Alternatively, light sources, detectors, etc. may be arranged so that light can be emitted and received at many angles, and an appropriate angle may be selected and calculated depending on the surface condition of the object to be measured.

[Effect of the invention] Since emissivity and temperature are measured in advance by using the fact that the difference in contribution rates has a predetermined relationship with the ratio of contribution rates, it is possible to measure emissivity and temperature with a simple configuration. It is possible to measure the temperature of the correct target. In particular, since it does not have a heat source, there is no deterioration of the detector etc. due to heat generation, and it does not have large moving parts that move the heat source, so it is small and compact.
Moreover, by using an optical fiber, it becomes non-inductive.

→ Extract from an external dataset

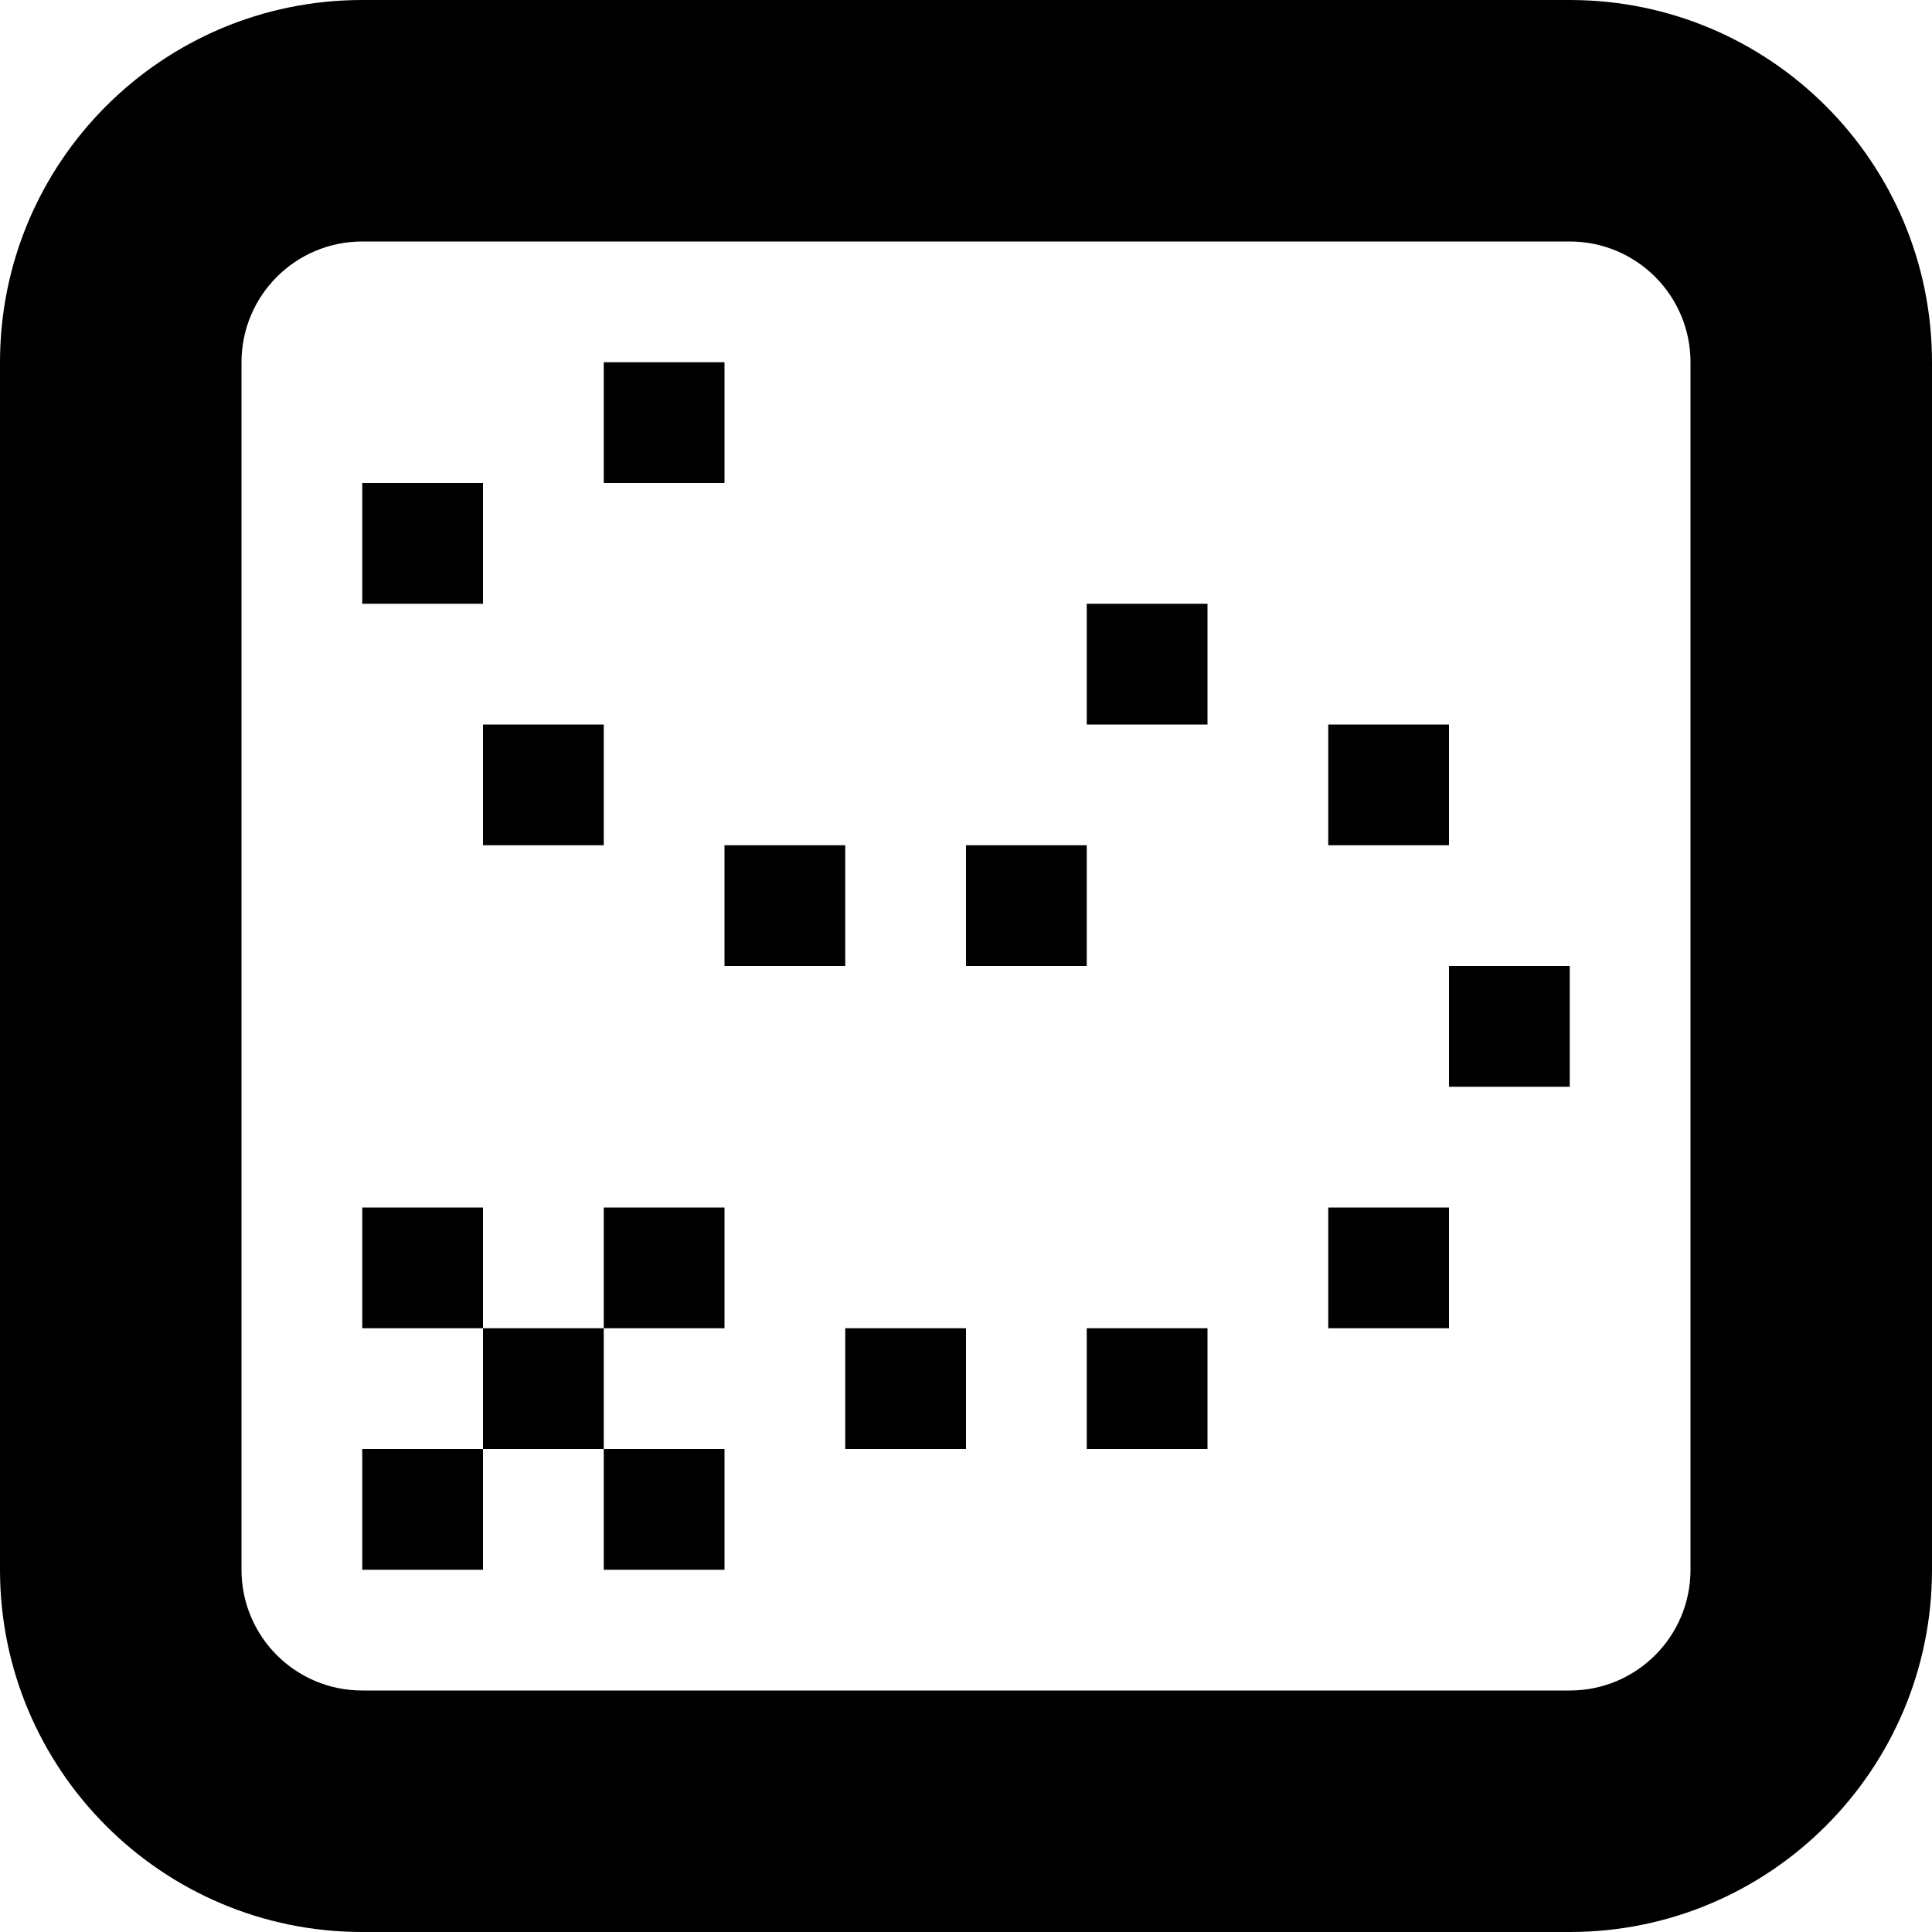 <?xml version="1.0" encoding="utf-8"?> <!-- Generator: IcoMoon.io --> <!DOCTYPE svg PUBLIC "-//W3C//DTD SVG 1.1//EN" "http://www.w3.org/Graphics/SVG/1.1/DTD/svg11.dtd"> <svg version="1.1" id="Layer_1" xmlns="http://www.w3.org/2000/svg" xmlns:xlink="http://www.w3.org/1999/xlink" x="0px" y="0px" width="48px" height="48px" viewBox="0 0 48 48" enable-background="new 0 0 16 16" xml:space="preserve" fill="#000000"> <path d="M 9.00,30.00l0.00,3.00 l3.00,0.00 l0.00,-3.00 L9.00,30.00 z M 9.00,39.00l3.00,0.00 l0.00,-3.00 L9.00,36.00 L9.00,39.00 z M 18.00,39.00l0.00,-3.00 L15.00,36.00 l0.00,3.00 L18.00,39.00 z M 12.00,36.00l3.00,0.00 l0.00,-3.00 L12.00,33.00 L12.00,36.00 z M 18.00,9.00L15.00,9.00 l0.00,3.00 l3.00,0.00 L18.00,9.00 z M 12.00,21.00l3.00,0.00 L15.00,18.00 L12.00,18.00 L12.00,21.00 z M 36.00,18.00l-3.00,0.00 l0.00,3.00 l3.00,0.00 L36.00,18.00 z M 12.00,12.00L9.00,12.00 l0.00,3.00 l3.00,0.00 L12.00,12.00 z M 21.00,36.00l3.00,0.00 l0.00,-3.00 L21.00,33.00 L21.00,36.00 z M 36.00,27.00l3.00,0.00 L39.00,24.00 l-3.00,0.00 L36.00,27.00 z M 33.00,33.00l3.00,0.00 l0.00,-3.00 l-3.00,0.00 L33.00,33.00 z M 27.00,18.00l3.00,0.00 L30.00,15.00 L27.00,15.00 L27.00,18.00 z M 39.00,0.00L9.00,0.00 C 4.029,0.00,0.00,4.029,0.00,9.00l0.00,30.00 c0.00,4.968, 4.029,9.00, 9.00,9.00l30.00,0.00 c 4.971,0.00, 9.00-4.032, 9.00-9.00L48.00,9.00 C 48.00,4.029, 43.971,0.00, 39.00,0.00z M 42.00,39.00 c0.00,1.659-1.341,3.00-3.00,3.00L9.00,42.00 c-1.659,0.00-3.00-1.341-3.00-3.00L6.00,9.00 c0.00-1.656, 1.341-3.00, 3.00-3.00l30.00,0.00 c 1.659,0.00, 3.00,1.344, 3.00,3.00L42.00,39.00 z M 15.00,33.00l3.00,0.00 l0.00,-3.00 L15.00,30.00 L15.00,33.00 z M 27.00,21.00L24.00,21.00 l0.00,3.00 l3.00,0.00 L27.00,21.00 z M 27.00,36.00l3.00,0.00 l0.00,-3.00 L27.00,33.00 L27.00,36.00 z M 21.00,21.00L18.00,21.00 l0.00,3.00 l3.00,0.00 L21.00,21.00 z" ></path></svg>

[Brief explanation of the drawing]

FIG. 1, FIG. 3, FIG. 4, FIG. 5, FIG. 6, and FIG. 7 are configuration explanatory diagrams showing one embodiment of the present invention;
FIG. 2 is a diagram showing the relationship between the contribution rate difference D and the ratio R. 1... Measurement object, 2, 21, 22... Light source,
3, 31, 32...Detector, 4...Calculating means, 5
...Chiyotsupa, 61, 62, 63...Optical fiber, _L1 , _L2 , _L3 ...Visual field limiting means.

Claims (1)

[Claims] 1. Two or more light sources of the same radiant energy that emit or receive light at two or more predetermined angles with respect to the normal to the measurement position of the measurement object, and one detector or one
Two light sources and two or more detectors, and two detection signals E1 when reflected from the measurement target by light emitting and receiving light at different angles and incident independently on the detector with contribution rates g1 and g2, respectively. , E2 and the detection signal when there is no radiant energy from the light source.
Ratio of difference from E0 = (E2 - E0) / (E1 - E0) = g2 /
g1 is calculated, and the difference D in the contribution rate is calculated based on the relationship experimentally determined in advance between the ratio of contribution rates R = g2 / g1 and the difference in contribution rates D = (g1 - g2). It is characterized by comprising a calculation means for determining the emissivity of the object to be measured using the difference D, the ambient temperature determined by a temperature detector, etc., and the radiant energy of the light source, and calculating the temperature of the object to be measured from this emissivity. Radiation temperature measurement device. 2. The radiation temperature measuring device according to claim 1, which includes a case where the light emitting angle and the light receiving angle with respect to the normal line of one light source and one detector are made to match. 3. The radiation temperature measuring device according to claim 2, wherein the light emitting angle and the light receiving angle with respect to the normal line of the light source and the detector are approximately 0 degrees. 4. The radiation temperature measuring device according to any one of claims 1 to 3, characterized in that it emits or receives light using an optical fiber. 5. Claims 1 to 4, characterized in that the light source or the detector is provided with field-of-view limiting means such as a gradient index rod lens or a microlens.
The radiation temperature measuring device according to any one of paragraphs. 6. The radiation temperature measuring device according to any one of claims 1 to 5, characterized in that the light from the light source is intermittent by a chopper so that the light is not emitted.